The further away from the data points our line gets, the bigger the error. Our best model is the one with the smallest error. Mathematically, we can define the mean squared error as:

\[mse = \frac{1}{n}\sum_{i=1}^{n}(y_{i} - \hat{y}_{i})^{2}\]

$mse$ is the Mean Squared Error. $y_{i}$ is the actual value and \(\hat{y}_{i}\) is the predicted value. $\sum_{}$ is notation to indicate that we are taking the sum of the difference. $n$ is the total number of observations, so \(\frac{1}{n}\) indicates that we are taking the mean.

We could implement this in our code as follows:

import numpy as np

def loss(y, y_hat):
    """
    Loss function (mean squared error).

    Args:
        y (numpy array): The known target values.
        y_hat (numpy array): The predicted values.

    Returns:
        numpy float: The mean squared error.
    """
    distances = y - y_hat
    squared_distances = np.square(distances)
    return np.mean(squared_distances)

Minimising the error

Our goal is to find the “best” model.
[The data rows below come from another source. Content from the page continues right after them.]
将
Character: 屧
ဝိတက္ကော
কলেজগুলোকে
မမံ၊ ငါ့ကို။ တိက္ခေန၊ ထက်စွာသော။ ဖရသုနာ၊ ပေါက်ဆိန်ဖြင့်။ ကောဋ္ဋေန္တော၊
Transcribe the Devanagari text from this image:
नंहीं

We have defined best as being the model with parameters that give us the smallest mean squared error. We can write this as:

\[argmin\frac{1}{n}\sum_{i=1}^{n}(y_{i} - \hat{y}_{i})^{2}\]

Let’s stop and look at what this loss function means. We’ll plot the squared error for a range of values to demonstrate how loss scales as the difference between $y$ and \(\hat{y}\) increases.
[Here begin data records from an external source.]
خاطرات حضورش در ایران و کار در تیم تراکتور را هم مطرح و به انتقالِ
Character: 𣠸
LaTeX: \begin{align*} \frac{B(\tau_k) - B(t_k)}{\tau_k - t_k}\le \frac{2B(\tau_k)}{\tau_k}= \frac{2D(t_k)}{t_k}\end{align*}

import matplotlib.pyplot as plt

x = np.arange(-50, 50, 0.05)
y = np.square(x)

plt.plot(x, y)
plt.xlabel('Difference between y and y_hat')
plt.ylabel('Loss (squared error)')

Mean squared error

As we can see, our loss rapidly increases as predictions (\(\hat{y}\)) move away from the true values ($y$). The result is that outliers have a strong influence on our model fit.

Optimisation

In machine learning, there is typically a training step where an algorithm is used to find the optimal set of model parameters (i.e. those parameters that give the minimum possible error). This is the essence of machine learning!

Model training

There are many approaches to optimisation. Gradient descent is a popular approach. In gradient descent we take steps in the opposite direction of the gradient of a function, seeking the lowest point (i.e. the lowest error).

Exercise

A) What does a loss function quantify?
B) What is an example of a loss function?
C) What are some other names used for loss functions?
D) What is happening when a model is trained?

Solution

A) A loss function quantifies the goodness of fit of a model (i.e. how closely its predictions match the known targets).
B) One example of a loss function is mean squared error (M.S.E.).
C) Objective function, error function, and cost function.
D) When a model is trained, we are attempting to find the optimal model parameters in process known as “optimisation”.

Now that we’ve touched on how machines learn, we’ll tackle the problem of predicting the outcome of patients admitted to intensive care units in hospitals across the United States.

Key Points

  • Loss functions allow us to define a good model.

  • $y$ is a known target. $\hat{y}$ ($y hat$) is a prediction.

  • Mean squared error is an example of a loss function.

  • After defining a loss function, we search for the optimal solution in a process known as ‘training’.

  • Optimisation is at the heart of machine learning.